TASK INSTRUCTIONS: Omit the pictures while printing every entry below exactly as given.

※ ※ ※

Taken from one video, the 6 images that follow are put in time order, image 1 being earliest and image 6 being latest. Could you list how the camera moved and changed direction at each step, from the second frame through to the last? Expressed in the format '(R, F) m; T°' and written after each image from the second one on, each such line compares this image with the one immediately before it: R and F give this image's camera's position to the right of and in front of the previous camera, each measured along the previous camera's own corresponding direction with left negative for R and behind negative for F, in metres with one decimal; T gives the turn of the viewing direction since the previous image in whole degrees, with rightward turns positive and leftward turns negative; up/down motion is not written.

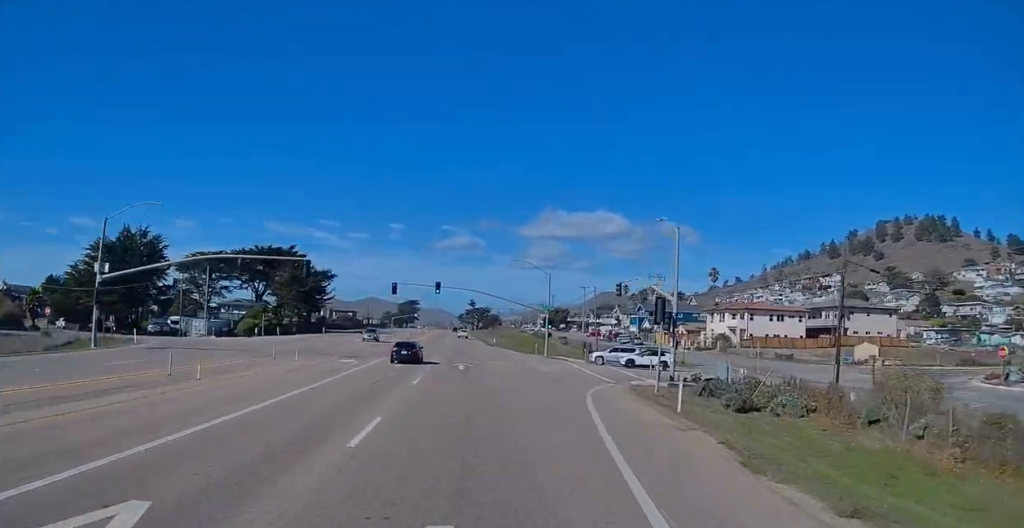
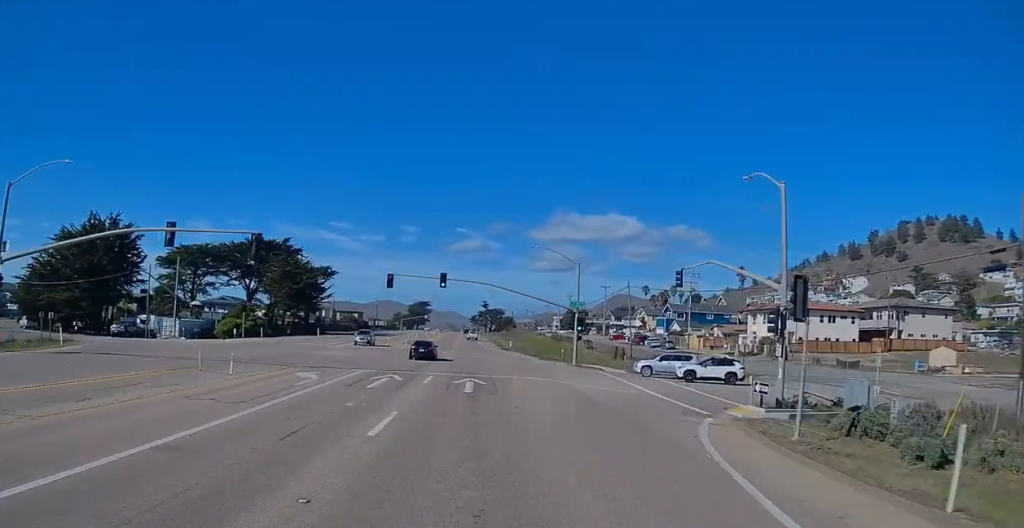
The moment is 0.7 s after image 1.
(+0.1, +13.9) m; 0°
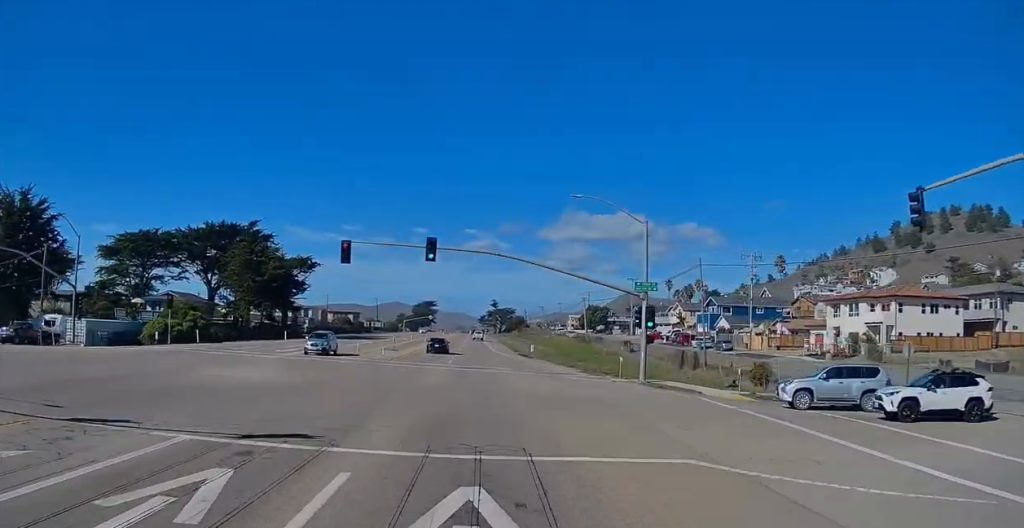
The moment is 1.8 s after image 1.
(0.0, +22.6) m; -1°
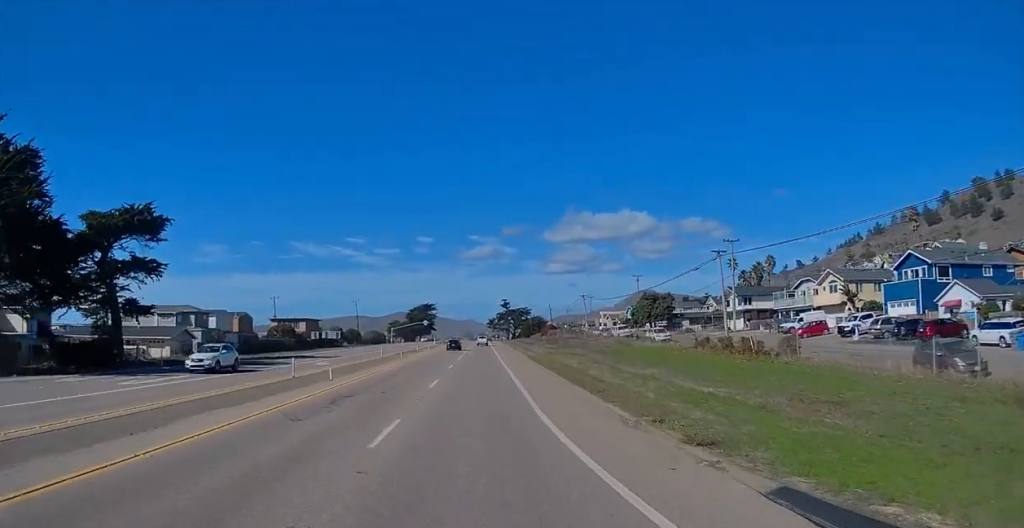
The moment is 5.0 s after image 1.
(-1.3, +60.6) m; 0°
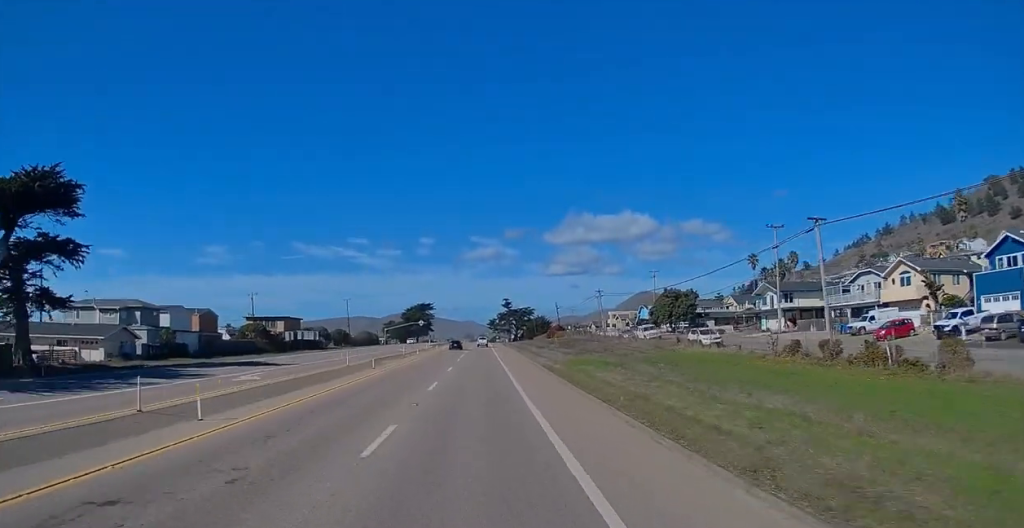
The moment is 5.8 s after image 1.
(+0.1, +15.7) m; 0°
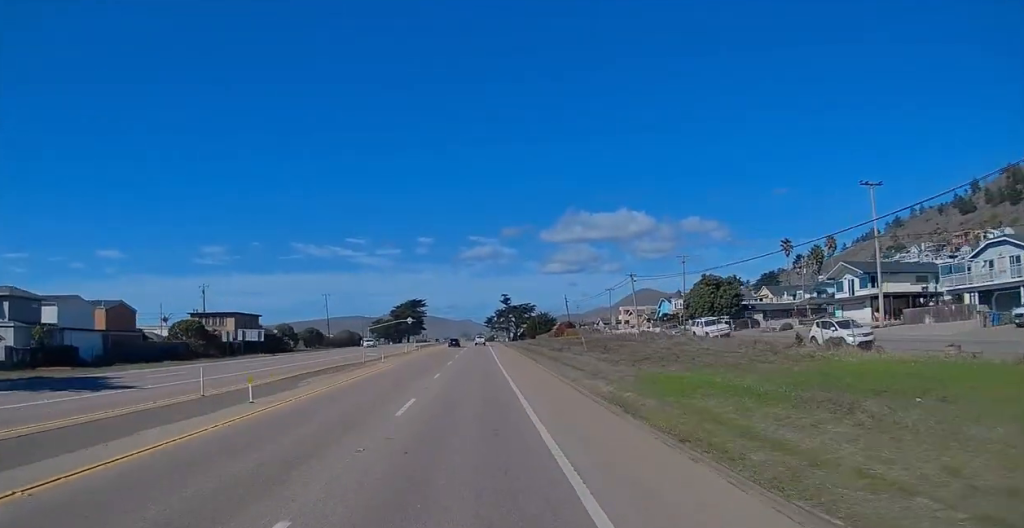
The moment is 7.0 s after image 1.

※ ※ ※

ANSWER BOX:
Taken from one video, the 6 images that follow are put in time order, image 1 being earliest and image 6 being latest. Could you list how the camera moved and changed direction at each step, from the second frame through to the last? Expressed in the format '(R, F) m; T°' and written after each image from the second one on, each such line compares this image with the one immediately before it: R and F give this image's camera's position to the right of and in front of the previous camera, each measured along the previous camera's own corresponding direction with left negative for R and behind negative for F, in metres with one decimal; T gives the turn of the viewing direction since the previous image in whole degrees, with rightward turns positive and leftward turns negative; up/down motion is not written.

The moment is 0.7 s after image 1.
(+0.1, +13.9) m; 0°
The moment is 1.8 s after image 1.
(0.0, +22.6) m; -1°
The moment is 5.0 s after image 1.
(-1.3, +60.6) m; 0°
The moment is 5.8 s after image 1.
(+0.1, +15.7) m; 0°
The moment is 7.0 s after image 1.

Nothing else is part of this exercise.